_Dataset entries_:
[Start of Attachment]

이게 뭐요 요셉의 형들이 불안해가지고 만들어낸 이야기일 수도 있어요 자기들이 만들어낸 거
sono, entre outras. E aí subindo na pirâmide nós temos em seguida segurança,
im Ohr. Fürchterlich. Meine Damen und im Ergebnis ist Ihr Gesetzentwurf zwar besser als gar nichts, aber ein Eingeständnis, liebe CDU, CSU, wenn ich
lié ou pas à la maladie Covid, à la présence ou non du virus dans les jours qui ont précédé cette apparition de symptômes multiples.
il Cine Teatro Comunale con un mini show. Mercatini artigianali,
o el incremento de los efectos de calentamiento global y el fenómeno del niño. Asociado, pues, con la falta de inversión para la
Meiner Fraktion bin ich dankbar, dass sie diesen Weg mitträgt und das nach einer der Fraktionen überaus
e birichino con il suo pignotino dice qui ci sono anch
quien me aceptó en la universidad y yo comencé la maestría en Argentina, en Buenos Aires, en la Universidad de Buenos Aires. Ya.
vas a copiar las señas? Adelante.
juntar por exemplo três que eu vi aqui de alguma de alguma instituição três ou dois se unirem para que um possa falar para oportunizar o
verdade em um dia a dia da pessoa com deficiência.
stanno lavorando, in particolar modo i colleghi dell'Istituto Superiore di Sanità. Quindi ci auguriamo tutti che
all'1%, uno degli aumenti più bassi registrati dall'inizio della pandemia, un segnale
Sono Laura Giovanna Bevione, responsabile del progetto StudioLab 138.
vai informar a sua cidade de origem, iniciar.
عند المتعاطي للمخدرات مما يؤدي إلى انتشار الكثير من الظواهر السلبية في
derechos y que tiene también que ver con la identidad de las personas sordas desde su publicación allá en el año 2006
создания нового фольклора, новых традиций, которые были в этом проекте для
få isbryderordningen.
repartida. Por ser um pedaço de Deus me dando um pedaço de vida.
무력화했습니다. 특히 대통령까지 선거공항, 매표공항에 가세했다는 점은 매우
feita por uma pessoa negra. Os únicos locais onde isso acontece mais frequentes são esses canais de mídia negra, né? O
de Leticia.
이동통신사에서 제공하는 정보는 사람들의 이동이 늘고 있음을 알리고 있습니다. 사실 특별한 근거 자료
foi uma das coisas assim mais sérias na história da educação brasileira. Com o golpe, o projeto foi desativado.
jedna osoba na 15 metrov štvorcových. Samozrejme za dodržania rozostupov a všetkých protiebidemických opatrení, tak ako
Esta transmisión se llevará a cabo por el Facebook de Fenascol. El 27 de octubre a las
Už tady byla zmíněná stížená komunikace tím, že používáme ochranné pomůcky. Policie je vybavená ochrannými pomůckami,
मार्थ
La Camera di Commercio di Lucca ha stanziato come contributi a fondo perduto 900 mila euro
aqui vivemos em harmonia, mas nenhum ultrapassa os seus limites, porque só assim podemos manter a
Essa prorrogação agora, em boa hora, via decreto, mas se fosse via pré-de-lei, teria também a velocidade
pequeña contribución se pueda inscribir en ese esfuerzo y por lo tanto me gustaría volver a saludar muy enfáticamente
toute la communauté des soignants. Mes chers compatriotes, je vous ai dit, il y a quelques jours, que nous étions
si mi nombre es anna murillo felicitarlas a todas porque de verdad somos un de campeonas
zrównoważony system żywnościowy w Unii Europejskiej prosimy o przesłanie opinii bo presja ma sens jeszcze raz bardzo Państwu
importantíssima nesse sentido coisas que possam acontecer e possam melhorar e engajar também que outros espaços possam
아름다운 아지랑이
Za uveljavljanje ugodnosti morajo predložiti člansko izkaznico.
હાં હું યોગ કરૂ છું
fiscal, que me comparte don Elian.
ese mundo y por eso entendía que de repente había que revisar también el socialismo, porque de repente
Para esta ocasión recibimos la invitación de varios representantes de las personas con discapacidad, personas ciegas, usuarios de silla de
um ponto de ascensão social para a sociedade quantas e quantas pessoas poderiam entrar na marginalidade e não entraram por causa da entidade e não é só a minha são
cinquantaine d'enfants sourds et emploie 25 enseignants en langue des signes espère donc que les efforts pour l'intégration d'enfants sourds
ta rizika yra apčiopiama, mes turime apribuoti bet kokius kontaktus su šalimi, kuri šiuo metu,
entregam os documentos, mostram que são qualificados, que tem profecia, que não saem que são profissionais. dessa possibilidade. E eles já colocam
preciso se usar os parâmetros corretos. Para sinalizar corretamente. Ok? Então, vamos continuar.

[End of Attachment]

_Exercise_: Copy exactly the lines above, starting at the opening line and finishing at the line in which "im Ohr. Fürchterlich." occurs.

_Reply to the task_:
이게 뭐요 요셉의 형들이 불안해가지고 만들어낸 이야기일 수도 있어요 자기들이 만들어낸 거
sono, entre outras. E aí subindo na pirâmide nós temos em seguida segurança,
im Ohr. Fürchterlich. Meine Damen und im Ergebnis ist Ihr Gesetzentwurf zwar besser als gar nichts, aber ein Eingeständnis, liebe CDU, CSU, wenn ich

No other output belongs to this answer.